Many biological specimens for which sex cannot be identified using morphology or other traditional approaches, such as fecal, environmental, and archeological or palaeontological material, are also likely to contain highly contaminated and/or degraded DNA (Hrovatin & Kunej, 2018). SeXY was designed to utilize low‐effort screening data for sex identification. Therefore, by assessing the reliability of SeXY to various levels of sequencing effort, we evaluate its applicability to such samples. Although our results differed between reference genomes, we show that less than 5000 mapped reads can be used to accurately identify the biological sex of an individual, depending on the quality of the mapping reference. This finding opens a world of possibility for studies that employ low‐effort shotgun sequencing approaches to identify specimens of sufficient preservation for deeper sequencing, but which discard any data/specimens not deemed of sufficient quality. By utilizing our method, sequence information that would previously have been discarded can now be used to obtain sex‐related evolutionary and biological insights. Although this has been done on several taxa (e.g., Gower et al., 2019; Pečnerová et al., 2017), our method, which does not require a priori sex‐chromosome information from the target species or a reference panel of known females and males, will hopefully enable such analyses from a much wider range of species. Although only tested with up to 100,000 mapped reads, the increasing accuracy as the number of mapped reads increased means this method is also suitable for well‐preserved specimens with more available sequencing data. In such cases, data could even be downsampled to increase computational speed.
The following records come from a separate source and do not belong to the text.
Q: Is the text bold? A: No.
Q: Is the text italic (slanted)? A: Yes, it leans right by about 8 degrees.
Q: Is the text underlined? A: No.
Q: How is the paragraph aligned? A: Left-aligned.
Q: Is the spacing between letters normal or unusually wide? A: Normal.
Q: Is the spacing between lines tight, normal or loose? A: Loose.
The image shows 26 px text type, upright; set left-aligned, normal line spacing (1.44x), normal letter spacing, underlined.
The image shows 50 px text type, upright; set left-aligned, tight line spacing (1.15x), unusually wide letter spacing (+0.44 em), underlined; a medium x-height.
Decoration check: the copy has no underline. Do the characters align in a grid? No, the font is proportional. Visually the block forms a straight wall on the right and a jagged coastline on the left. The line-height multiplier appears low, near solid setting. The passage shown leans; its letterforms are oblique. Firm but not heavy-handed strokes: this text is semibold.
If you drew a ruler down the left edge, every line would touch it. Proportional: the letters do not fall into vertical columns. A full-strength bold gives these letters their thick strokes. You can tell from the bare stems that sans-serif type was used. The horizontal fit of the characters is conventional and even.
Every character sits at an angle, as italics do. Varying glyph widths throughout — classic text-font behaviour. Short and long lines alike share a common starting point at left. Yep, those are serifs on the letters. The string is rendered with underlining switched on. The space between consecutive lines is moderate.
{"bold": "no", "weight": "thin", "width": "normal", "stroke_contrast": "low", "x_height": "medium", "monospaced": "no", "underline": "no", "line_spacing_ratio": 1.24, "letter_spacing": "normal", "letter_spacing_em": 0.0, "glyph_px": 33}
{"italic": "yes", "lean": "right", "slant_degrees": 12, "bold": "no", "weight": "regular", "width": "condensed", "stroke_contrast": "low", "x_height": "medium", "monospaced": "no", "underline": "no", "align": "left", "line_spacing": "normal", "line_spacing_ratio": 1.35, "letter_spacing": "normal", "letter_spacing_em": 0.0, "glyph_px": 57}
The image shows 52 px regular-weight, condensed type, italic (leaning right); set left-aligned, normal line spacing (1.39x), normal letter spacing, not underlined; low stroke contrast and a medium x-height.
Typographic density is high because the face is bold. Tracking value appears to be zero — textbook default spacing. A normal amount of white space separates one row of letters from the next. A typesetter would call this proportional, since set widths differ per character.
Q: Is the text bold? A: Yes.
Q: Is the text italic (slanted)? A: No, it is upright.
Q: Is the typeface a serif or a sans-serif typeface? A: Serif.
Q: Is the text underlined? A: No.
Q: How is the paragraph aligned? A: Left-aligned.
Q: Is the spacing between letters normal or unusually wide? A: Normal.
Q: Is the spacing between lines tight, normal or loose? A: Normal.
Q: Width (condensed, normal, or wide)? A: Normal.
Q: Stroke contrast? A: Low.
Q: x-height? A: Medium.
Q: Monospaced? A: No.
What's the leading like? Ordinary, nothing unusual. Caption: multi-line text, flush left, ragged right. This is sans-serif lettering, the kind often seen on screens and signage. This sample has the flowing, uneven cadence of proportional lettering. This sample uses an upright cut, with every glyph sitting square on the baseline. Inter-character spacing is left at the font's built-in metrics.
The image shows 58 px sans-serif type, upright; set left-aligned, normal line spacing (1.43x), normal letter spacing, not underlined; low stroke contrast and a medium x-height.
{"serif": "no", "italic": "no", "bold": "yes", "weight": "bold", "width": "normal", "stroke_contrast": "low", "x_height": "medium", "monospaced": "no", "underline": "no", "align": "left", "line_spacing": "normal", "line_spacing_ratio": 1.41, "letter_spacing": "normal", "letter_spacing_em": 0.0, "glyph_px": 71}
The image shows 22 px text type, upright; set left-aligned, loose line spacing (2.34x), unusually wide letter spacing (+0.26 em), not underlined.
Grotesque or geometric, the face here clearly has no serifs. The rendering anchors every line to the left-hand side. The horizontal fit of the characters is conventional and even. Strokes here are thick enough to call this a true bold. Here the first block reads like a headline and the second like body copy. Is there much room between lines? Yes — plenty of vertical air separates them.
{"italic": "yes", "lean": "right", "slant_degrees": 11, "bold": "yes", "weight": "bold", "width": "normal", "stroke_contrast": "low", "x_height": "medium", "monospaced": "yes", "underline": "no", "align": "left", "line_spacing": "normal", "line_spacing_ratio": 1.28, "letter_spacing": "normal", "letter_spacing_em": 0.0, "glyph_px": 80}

Evaluation of synteny approach

SeXY identifies sex‐linked scaffolds using a synteny approach (Grabherr et al., 2010), where the reference sex‐chromosome assemblies (RefX and RefY) of a chromosome‐level assembly from a closely related species is used to identify sequence similarities on the reference genome assembly (RefGEN). Although this method may have limitations due to computational time or the lacking identification of new (neo)‐sex chromosomes (Marshall Graves, 2008; Nursyifa et al., 2021), our results show that SeXY could accurately determine the sex of the beluga and polar bear individuals analyzed, even with a relatively distant sex‐chromosome assembly (in our case, human). In addition, the identification of sex‐linked scaffolds is performed only once per reference genome assembly used, and hence computation time will not increase with the number of samples.

Number of mapped reads

Our finding of 100% accurate sex identification when mapping polar bear reads to the dog as RefGEN, even with only 1000 mapped reads, was somewhat unexpected, as we anticipated a decline in mapping efficiency with increasing phylogenetic distance (Prasad et al., 2021). However, these results become less surprising when considering the mapping efficiency to each RefGEN. Although sex determination was 100% accurate down to 1000 mapped reads when using these two species with ~17% divergence, approximately four times as many raw reads are required to reach the target number of mapped reads, relative to when mapping to a conspecific RefGEN (Figure 2, Table S4). Therefore, when <5000 endogenous reads are available, it is important to weigh the number of mapped reads versus the number of raw reads, to evaluate whether mapping to a conspecific reference genome or a phylogenetically distant reference genome is more beneficial. Although not tested here, alterations in mapping quality filters may facilitate the recovery of more mapped reads and thereby more accurate sex identification. However, decreased mapping quality may also result in misalignments, biasing results. Such low endogenous read counts are unlikely to arise when sequencing DNA from well‐preserved samples, but it is much more common when considering highly degraded samples such as fecal, environmental, or subfossil material.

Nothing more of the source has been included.